Identifying if an Ubuntu has been installed in UEFI mode

An Ubuntu installed in UEFI mode can be detected the following way:

  • its /etc/fstab file contains an UEFI partition (mount point: /boot/efi)
  • it uses the grub-efi bootloader (not grub-pc)
  • from the installed Ubuntu, open a terminal (Ctrl+Alt+T) then type the following command:

    [ -d /sys/firmware/efi ] && echo "Installed in UEFI mode" || echo "Installed in Legacy mode"

Converting Ubuntu into UEFI or Legacy mode

Converting Ubuntu into UEFI mode

Note: Do not follow this procedure if your computer is already booting correctly. Use this procedure only if you believe you've accidentally installed Ubuntu in BIOS/CSM/legacy mode and you want it to boot in UEFI/UEFI mode.

  • Start Boot-Repair, click on "Advanced options", go to the "GRUB location" tab.

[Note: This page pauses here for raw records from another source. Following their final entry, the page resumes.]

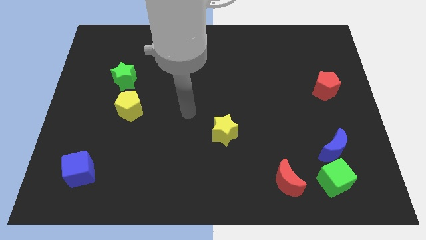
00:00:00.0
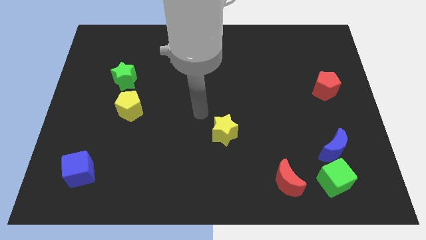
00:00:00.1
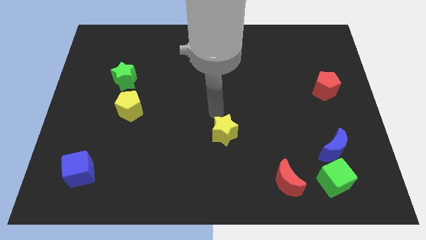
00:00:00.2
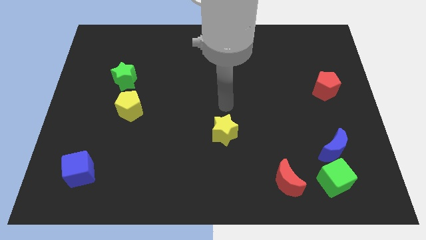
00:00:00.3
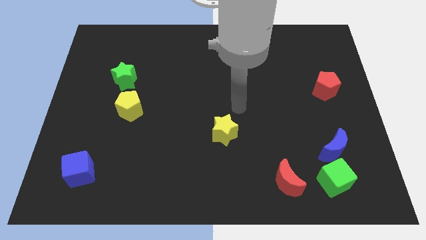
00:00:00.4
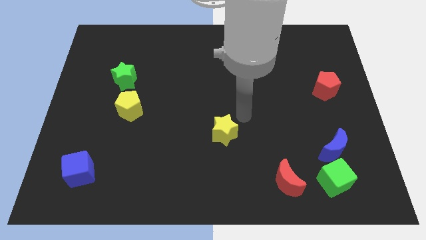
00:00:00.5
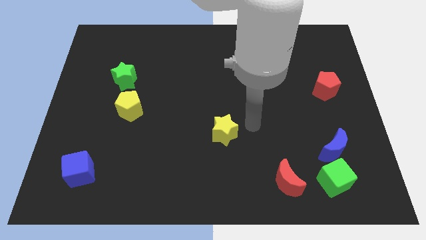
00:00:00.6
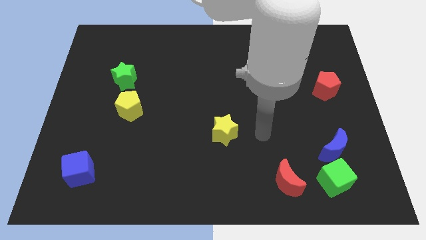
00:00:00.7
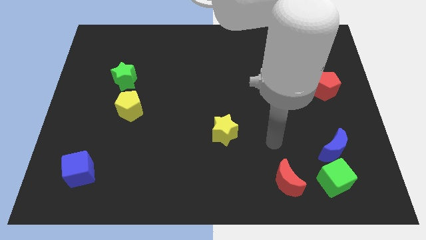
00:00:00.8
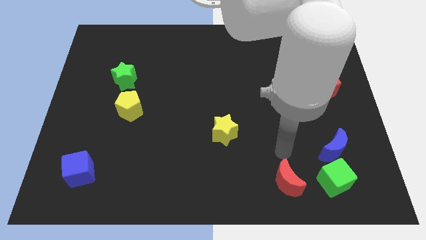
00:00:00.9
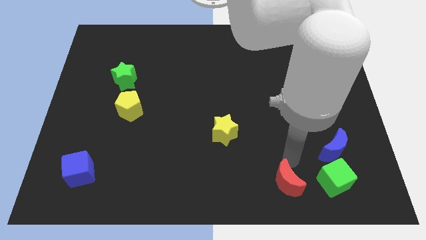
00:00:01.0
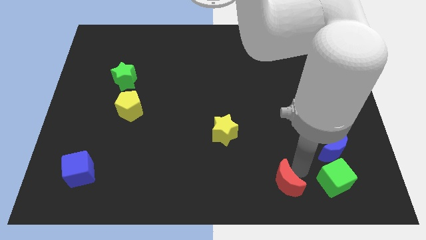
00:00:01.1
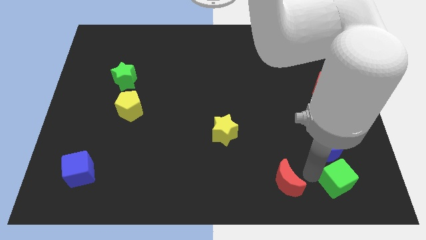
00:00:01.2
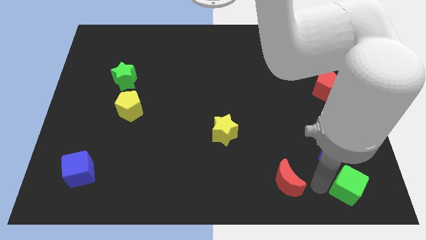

  • If you do not see a "Separate /boot/efi partition" line, this means that your PC does not have any UEFI partition. In this case, exit Boot-Repair, then create an UEFI partition (see the "Creating an UEFI partition" paragraph above).
  • If you see a "Separate /boot/efi partition" line, tick it then click the "Apply" button.
  • Set up your BIOS so that it boots the HDD in UEFI mode (see the ""Set up the BIOS in UEFI or Legacy mode" paragraph above).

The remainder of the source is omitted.